== PROBLEM STATEMENT ==
Copy each entry verbatim, excluding its images.

== Extracted records ==

------------------------------------

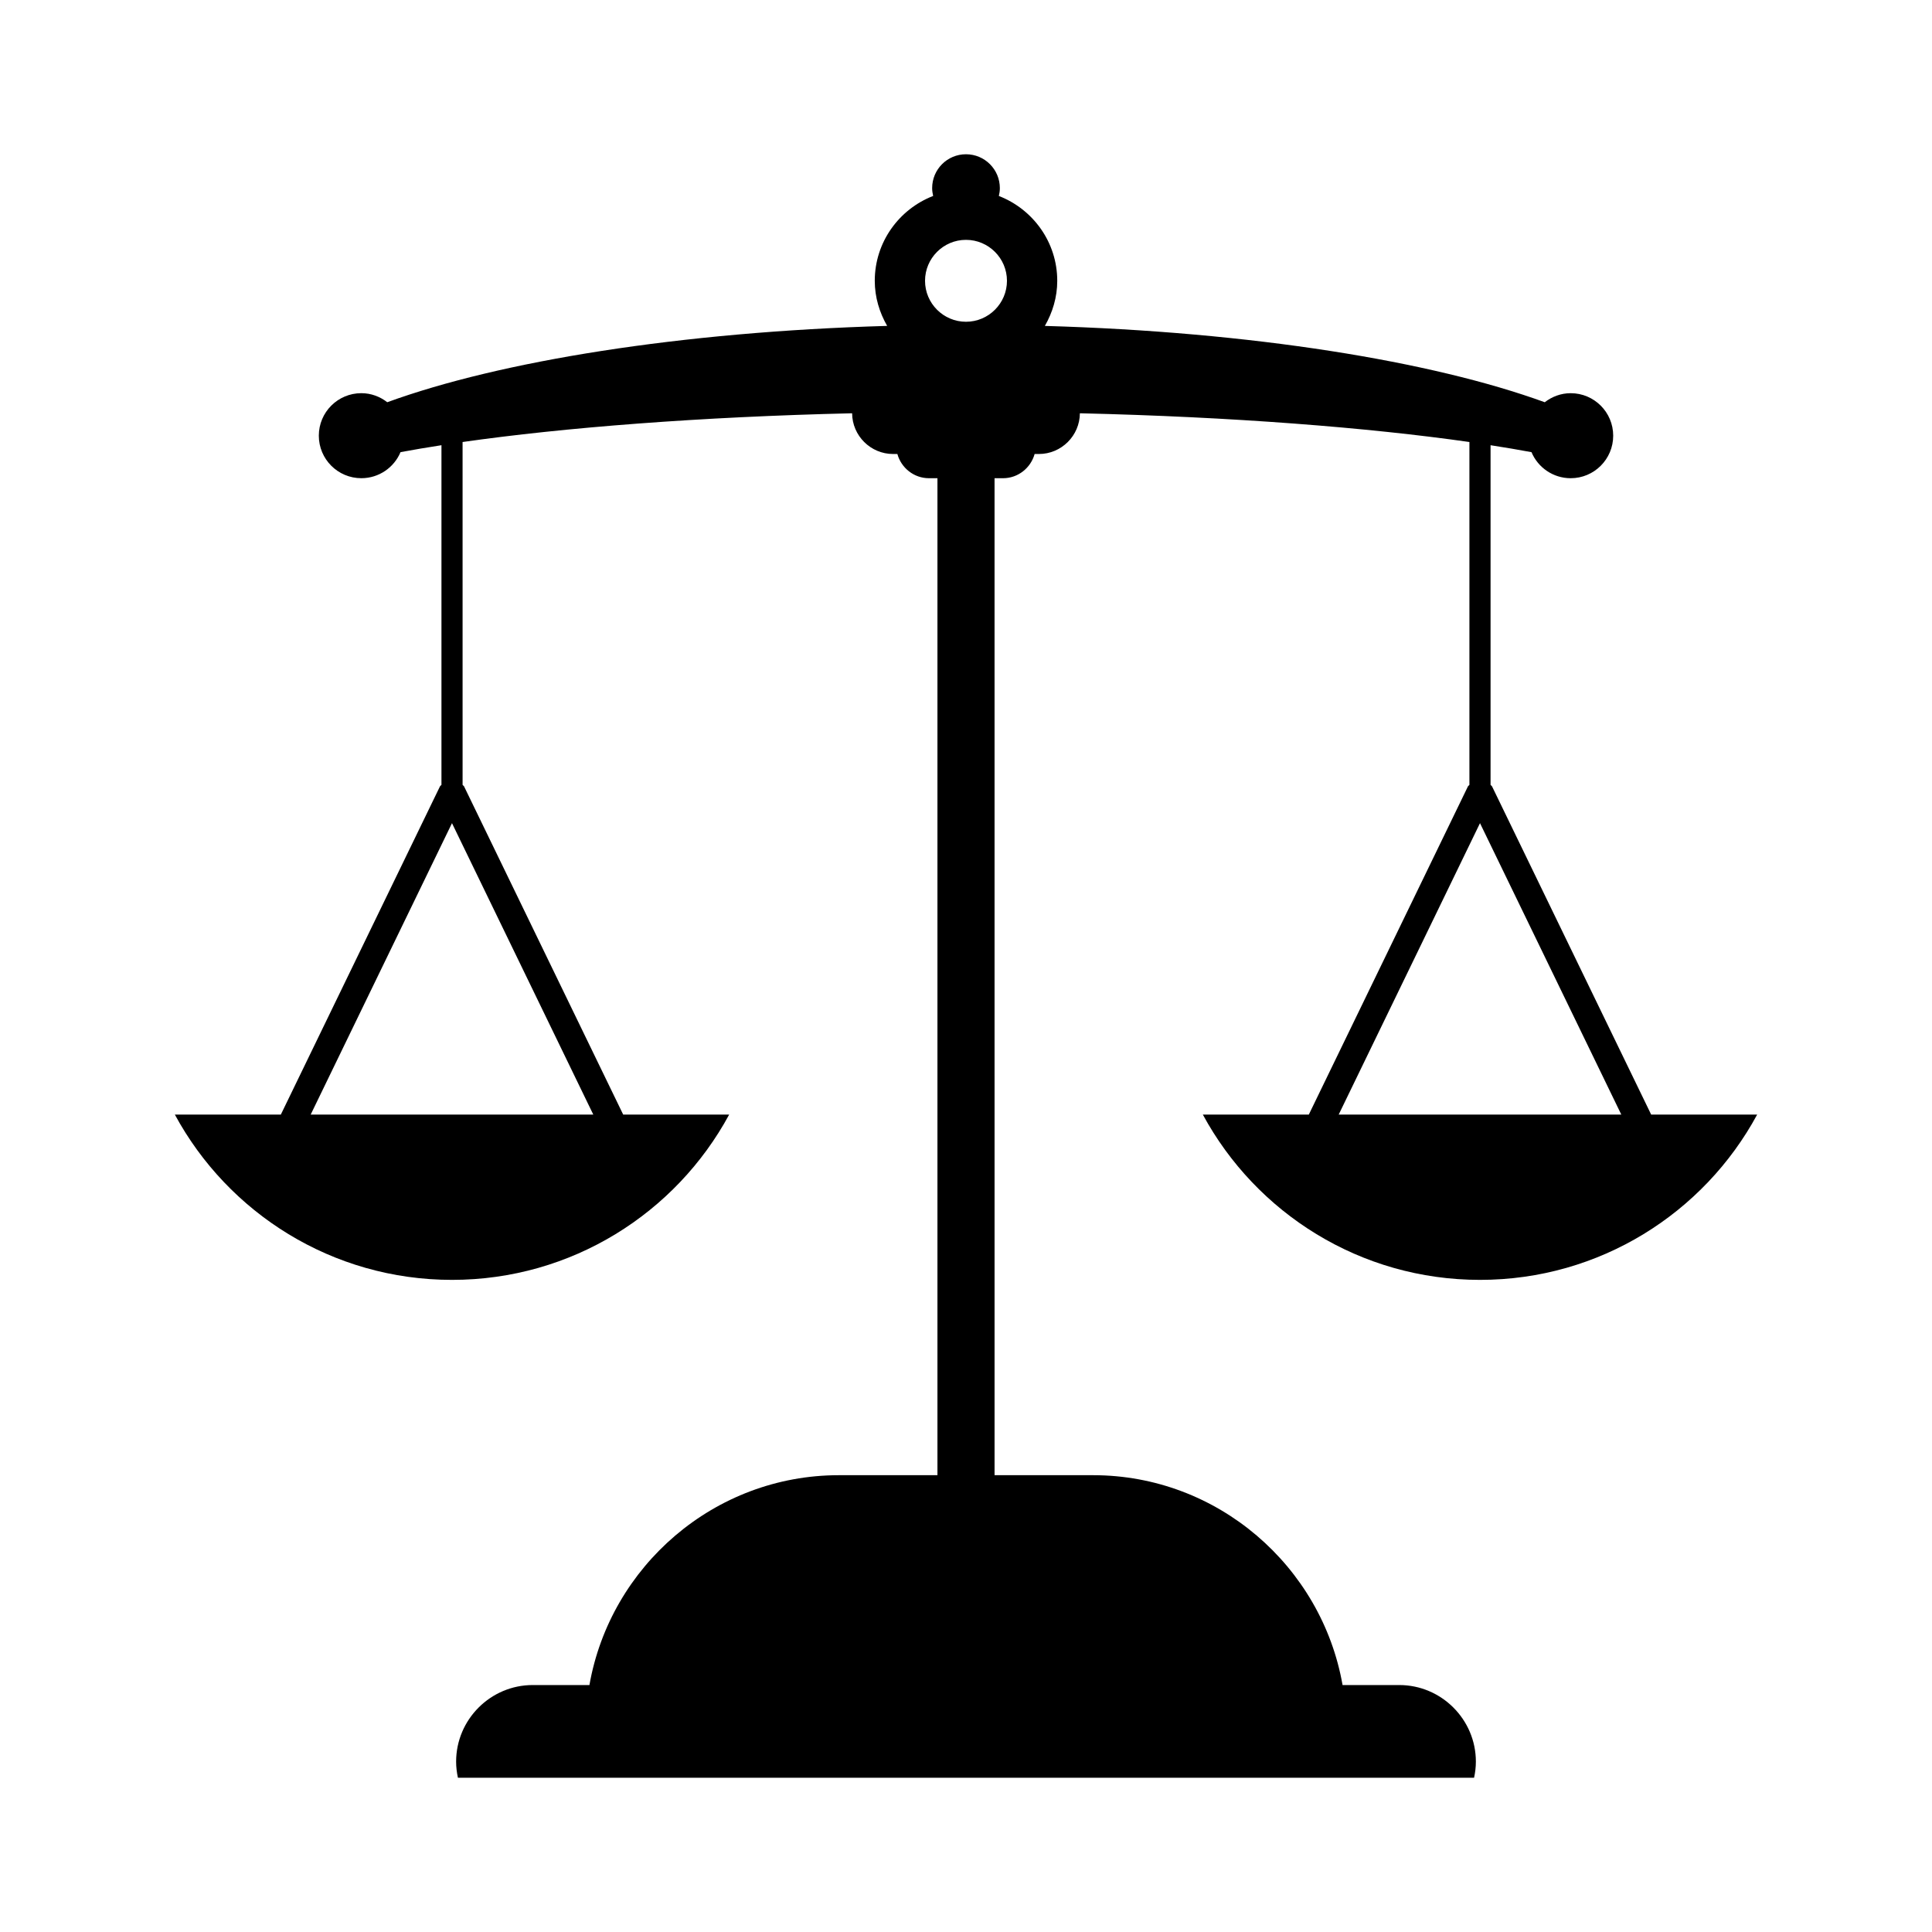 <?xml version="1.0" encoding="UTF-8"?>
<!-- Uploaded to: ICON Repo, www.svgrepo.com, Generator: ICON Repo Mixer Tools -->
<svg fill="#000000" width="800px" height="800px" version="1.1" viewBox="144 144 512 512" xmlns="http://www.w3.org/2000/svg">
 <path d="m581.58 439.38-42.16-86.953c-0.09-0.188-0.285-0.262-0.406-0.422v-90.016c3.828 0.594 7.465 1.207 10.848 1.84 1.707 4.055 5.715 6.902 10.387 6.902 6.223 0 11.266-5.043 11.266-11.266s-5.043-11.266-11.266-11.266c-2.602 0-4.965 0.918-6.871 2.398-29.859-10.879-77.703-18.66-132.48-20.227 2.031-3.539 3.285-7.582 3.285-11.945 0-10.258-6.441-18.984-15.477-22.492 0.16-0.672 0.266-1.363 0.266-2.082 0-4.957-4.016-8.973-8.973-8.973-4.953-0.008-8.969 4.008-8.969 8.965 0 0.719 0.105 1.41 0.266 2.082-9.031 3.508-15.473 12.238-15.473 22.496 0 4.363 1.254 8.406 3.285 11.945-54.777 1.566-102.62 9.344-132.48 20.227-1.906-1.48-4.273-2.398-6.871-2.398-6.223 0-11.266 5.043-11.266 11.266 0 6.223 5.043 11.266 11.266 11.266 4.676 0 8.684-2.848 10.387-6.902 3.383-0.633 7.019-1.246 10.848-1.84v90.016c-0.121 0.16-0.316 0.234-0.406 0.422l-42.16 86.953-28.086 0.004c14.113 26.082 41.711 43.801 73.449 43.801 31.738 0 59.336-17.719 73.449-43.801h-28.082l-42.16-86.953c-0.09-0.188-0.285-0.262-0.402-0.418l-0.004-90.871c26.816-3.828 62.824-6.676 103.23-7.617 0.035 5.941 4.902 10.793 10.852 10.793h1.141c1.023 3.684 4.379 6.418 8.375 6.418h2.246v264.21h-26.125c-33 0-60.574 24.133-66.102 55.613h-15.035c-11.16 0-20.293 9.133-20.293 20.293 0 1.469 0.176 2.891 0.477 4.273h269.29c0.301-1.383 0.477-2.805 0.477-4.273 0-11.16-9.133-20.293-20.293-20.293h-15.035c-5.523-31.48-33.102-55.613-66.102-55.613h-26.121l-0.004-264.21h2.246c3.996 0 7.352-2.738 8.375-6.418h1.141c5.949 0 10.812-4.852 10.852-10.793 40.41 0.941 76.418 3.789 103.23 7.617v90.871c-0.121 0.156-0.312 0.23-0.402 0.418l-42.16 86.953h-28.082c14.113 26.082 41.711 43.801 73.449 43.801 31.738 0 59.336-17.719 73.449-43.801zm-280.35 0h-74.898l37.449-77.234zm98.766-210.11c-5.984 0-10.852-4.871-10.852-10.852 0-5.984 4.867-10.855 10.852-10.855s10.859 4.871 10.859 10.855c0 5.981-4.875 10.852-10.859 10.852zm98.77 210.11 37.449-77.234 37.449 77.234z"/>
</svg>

------------------------------------

== RESPONSE BOX ==
 <?xml version="1.0" encoding="UTF-8"?>
<!-- Uploaded to: ICON Repo, www.svgrepo.com, Generator: ICON Repo Mixer Tools -->
<svg fill="#000000" width="800px" height="800px" version="1.1" viewBox="144 144 512 512" xmlns="http://www.w3.org/2000/svg">
 <path d="m581.58 439.38-42.16-86.953c-0.09-0.188-0.285-0.262-0.406-0.422v-90.016c3.828 0.594 7.465 1.207 10.848 1.84 1.707 4.055 5.715 6.902 10.387 6.902 6.223 0 11.266-5.043 11.266-11.266s-5.043-11.266-11.266-11.266c-2.602 0-4.965 0.918-6.871 2.398-29.859-10.879-77.703-18.66-132.48-20.227 2.031-3.539 3.285-7.582 3.285-11.945 0-10.258-6.441-18.984-15.477-22.492 0.16-0.672 0.266-1.363 0.266-2.082 0-4.957-4.016-8.973-8.973-8.973-4.953-0.008-8.969 4.008-8.969 8.965 0 0.719 0.105 1.41 0.266 2.082-9.031 3.508-15.473 12.238-15.473 22.496 0 4.363 1.254 8.406 3.285 11.945-54.777 1.566-102.62 9.344-132.48 20.227-1.906-1.48-4.273-2.398-6.871-2.398-6.223 0-11.266 5.043-11.266 11.266 0 6.223 5.043 11.266 11.266 11.266 4.676 0 8.684-2.848 10.387-6.902 3.383-0.633 7.019-1.246 10.848-1.84v90.016c-0.121 0.16-0.316 0.234-0.406 0.422l-42.16 86.953-28.086 0.004c14.113 26.082 41.711 43.801 73.449 43.801 31.738 0 59.336-17.719 73.449-43.801h-28.082l-42.16-86.953c-0.09-0.188-0.285-0.262-0.402-0.418l-0.004-90.871c26.816-3.828 62.824-6.676 103.23-7.617 0.035 5.941 4.902 10.793 10.852 10.793h1.141c1.023 3.684 4.379 6.418 8.375 6.418h2.246v264.21h-26.125c-33 0-60.574 24.133-66.102 55.613h-15.035c-11.16 0-20.293 9.133-20.293 20.293 0 1.469 0.176 2.891 0.477 4.273h269.29c0.301-1.383 0.477-2.805 0.477-4.273 0-11.16-9.133-20.293-20.293-20.293h-15.035c-5.523-31.48-33.102-55.613-66.102-55.613h-26.121l-0.004-264.21h2.246c3.996 0 7.352-2.738 8.375-6.418h1.141c5.949 0 10.812-4.852 10.852-10.793 40.41 0.941 76.418 3.789 103.23 7.617v90.871c-0.121 0.156-0.312 0.23-0.402 0.418l-42.16 86.953h-28.082c14.113 26.082 41.711 43.801 73.449 43.801 31.738 0 59.336-17.719 73.449-43.801zm-280.35 0h-74.898l37.449-77.234zm98.766-210.11c-5.984 0-10.852-4.871-10.852-10.852 0-5.984 4.867-10.855 10.852-10.855s10.859 4.871 10.859 10.855c0 5.981-4.875 10.852-10.859 10.852zm98.77 210.11 37.449-77.234 37.449 77.234z"/>
</svg>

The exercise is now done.